By the way many of us feel your pain of every logline and every date time stamp being different formatted. The joy of Snowflakes :slight_smile:

Thanks for the help..

  1. full mapping : sorry, not sure what this is

  2. Log Line:

2021/01/31,00:00:02:00,0-0,0,0,0,0,0,0,05338000,78000109,D2880027,4C15262E,00010000,7002C080,9,2,0,0,2.850
  1. Pipeline:
PUT /_ingest/pipeline/history_h00_test_pipeline
{
  "description" : "History H00 csv pattern",
  "processors" : [
    {
      "csv" : {
        "field" : "message",
        "target_fields" : [
          "date",
          "time",
          "box_running",
          "task_id",
          "task_bool",
          "BDispatchAbortReq",
          "nDispatchState",
          "nDispatchTaskStartedBy",
          "nDispatchTaskEndCode",
          "ModuleA32BitInput",
          "ModuleA32BitOutput",
          "ModuleB32BitInput",
          "ModuleB32BitOutput",
          "ModuleBHighDIO",
          "ModuleBLowDIO",
          "nErMonErrorNumber",
          "nTurboComPhase",
          "RecoveryTriggersActive",
          "RecoveryRunning",
          "task_timer"
        ]
      }
    },
    {
      "set": {
        "field": "datetime",
        "value": "{{date}} {{time}}"
      }
    },
    {
      "date": {
        "field": "datetime",
        "formats": ["yyyy/MM/dd HH:mm:ss:SS"]
      }
    }
  ]
}

btw, this pipeline is accepting input from Dev Tools:

DELETE myindex

PUT myindex 

POST myindex/_doc?pipeline=history_h00_test_pipeline
{
  "message":"2021/02/20,23:59:37:53,0-0,0,0,0,0,0,0,05338000,78000109,D288002,4C15262E,00010000,7002C080,47,0,0,0,2.850"
}

GET myindex/_search


  1. Filebeat Yaml:
#=========================== Filebeat inputs =============================
filebeat.inputs:

- type: log

  enabled: true

  fields:
    type: H00

  paths:
    - C:\LocalLogs\History\*.H00

  exclude_lines: ['^Date']


  # Include lines. A list of regular expressions to match. It exports the lines that are
#============================= Filebeat modules ===============================

filebeat.config.modules:
  # Glob pattern for configuration loading
  path: ${path.config}/modules.d/*.yml

  # Set to true to enable config reloading
  reload.enabled: false

#==================== Elasticsearch template setting ==========================
setup.template:
  name: "fb-hist"
  pattern: "fb-hist-*"

setup.ilm.enabled: false

setup.template.settings:
  index.number_of_shards: 1

#================================ General =====================================

name: "T0031"

path.data: /ELK/filebeat-data
path.logs: /ELK/filebeat-logs

#============================== Kibana =====================================

setup.kibana:

#================================ Outputs =====================================

#-------------------------- Elasticsearch output ------------------------------

output.elasticsearch:

  # Array of hosts to connect to.
  hosts: ["localhost:9200"]
  pipeline: history_h00_test_pipeline
  
  index: "fb-hist-%{[fields.type]:other}-%{+yyyy.MM.dd}"

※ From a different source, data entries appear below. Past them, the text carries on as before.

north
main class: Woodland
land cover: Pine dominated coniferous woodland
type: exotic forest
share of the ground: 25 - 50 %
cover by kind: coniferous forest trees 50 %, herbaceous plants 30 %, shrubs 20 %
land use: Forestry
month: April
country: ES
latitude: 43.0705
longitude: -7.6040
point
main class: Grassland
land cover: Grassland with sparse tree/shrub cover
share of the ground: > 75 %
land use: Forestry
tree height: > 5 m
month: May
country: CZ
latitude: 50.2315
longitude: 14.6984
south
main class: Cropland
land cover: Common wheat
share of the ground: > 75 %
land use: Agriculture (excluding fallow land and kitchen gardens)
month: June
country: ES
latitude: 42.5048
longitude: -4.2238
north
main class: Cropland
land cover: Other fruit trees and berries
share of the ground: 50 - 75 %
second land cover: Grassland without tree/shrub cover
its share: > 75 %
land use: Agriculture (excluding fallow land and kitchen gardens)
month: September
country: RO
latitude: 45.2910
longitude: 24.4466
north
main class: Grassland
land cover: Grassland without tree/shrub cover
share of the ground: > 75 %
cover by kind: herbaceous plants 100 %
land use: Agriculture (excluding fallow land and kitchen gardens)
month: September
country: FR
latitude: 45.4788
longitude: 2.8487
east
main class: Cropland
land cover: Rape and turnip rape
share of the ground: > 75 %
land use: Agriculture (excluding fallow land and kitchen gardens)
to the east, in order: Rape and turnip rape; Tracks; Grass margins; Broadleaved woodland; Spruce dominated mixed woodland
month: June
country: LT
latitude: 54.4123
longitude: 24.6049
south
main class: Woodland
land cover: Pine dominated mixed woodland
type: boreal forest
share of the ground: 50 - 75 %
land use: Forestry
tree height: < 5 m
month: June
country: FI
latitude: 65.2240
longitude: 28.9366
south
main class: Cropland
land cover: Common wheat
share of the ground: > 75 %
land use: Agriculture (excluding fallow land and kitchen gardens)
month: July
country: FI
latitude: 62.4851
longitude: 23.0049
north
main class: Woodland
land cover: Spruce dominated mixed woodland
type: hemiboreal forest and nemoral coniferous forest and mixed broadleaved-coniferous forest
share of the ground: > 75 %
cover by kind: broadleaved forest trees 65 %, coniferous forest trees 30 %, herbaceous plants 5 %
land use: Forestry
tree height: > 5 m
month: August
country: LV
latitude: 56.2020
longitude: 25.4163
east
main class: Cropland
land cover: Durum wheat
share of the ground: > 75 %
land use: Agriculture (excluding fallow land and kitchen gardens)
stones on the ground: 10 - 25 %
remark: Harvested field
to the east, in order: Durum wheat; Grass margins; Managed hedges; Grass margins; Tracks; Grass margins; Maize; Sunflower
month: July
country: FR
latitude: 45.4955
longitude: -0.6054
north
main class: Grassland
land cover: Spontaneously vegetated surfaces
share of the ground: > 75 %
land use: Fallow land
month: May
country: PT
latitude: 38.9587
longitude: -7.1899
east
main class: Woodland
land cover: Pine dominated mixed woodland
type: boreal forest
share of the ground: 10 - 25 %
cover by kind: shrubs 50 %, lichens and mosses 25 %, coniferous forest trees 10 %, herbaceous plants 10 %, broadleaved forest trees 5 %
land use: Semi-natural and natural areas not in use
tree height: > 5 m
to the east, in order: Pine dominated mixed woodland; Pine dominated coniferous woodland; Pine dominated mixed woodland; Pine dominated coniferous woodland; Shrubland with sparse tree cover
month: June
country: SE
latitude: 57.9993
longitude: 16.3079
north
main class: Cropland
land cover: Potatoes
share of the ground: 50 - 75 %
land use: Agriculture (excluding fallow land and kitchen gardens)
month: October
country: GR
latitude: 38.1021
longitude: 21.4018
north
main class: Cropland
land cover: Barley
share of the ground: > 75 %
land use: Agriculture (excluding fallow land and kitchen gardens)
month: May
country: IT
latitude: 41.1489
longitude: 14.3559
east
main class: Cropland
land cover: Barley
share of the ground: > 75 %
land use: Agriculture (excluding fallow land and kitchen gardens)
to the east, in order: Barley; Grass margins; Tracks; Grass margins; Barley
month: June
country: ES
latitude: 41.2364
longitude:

# Set to debug to get as much info as possible
logging.level: debug

Every software job I've ever had, for the past 30 years, eventually comes back to some problem involving time and dates..

Thanks again for helping with this

  • Michael

I will add, from the debug log, my message is in unicode. Is this normal?

  "message": "\u00002\u00000\u00002\u00001\u0000/\u00000\u00001\u0000/\u00003\u00001\u0000,\u00000\u00000\u0000:\u00000\u00000\u0000:\u00000\u00001\u0000:\u00000\u00000\u0000,\u00000\u0000-\u00000\u0000,\u00000\u0000,\u00000\u0000,\u00000\u0000,\u00000\u0000,\u00000\u0000,\u00000\u0000,\u00000\u00005\u00003\u00003\u00008\u00000\u00000\u00000\u0000,\u00007\u00008\u00000\u00000\u00000\u00001\u00000\u00009\u0000,\u0000D\u00002\u00008\u00008\u00000\u00000\u00002\u00007\u0000,\u00004\u0000C\u00001\u00005\u00002\u00006\u00002\u0000E\u0000,\u00000\u00000\u00000\u00001\u00000\u00000\u00000\u00000\u0000,\u00007\u00000\u00000\u00002\u0000C\u00000\u00008\u00000\u0000,\u00002\u00007\u0000,\u00000\u0000,\u00000\u0000,\u00000\u0000,\u00002\u0000.\u00008\u00005\u00000\u0000\r\u0000",

First Mappings are the "Schema" if you do do create one with a template a default will be created for you. If you are going to do anything at scale you should learn about them.

In your sample ingest if you want to see the mapping

GET myindex/

You are using a default template right now.. .which is OK but super not efficient, we can come back to that later.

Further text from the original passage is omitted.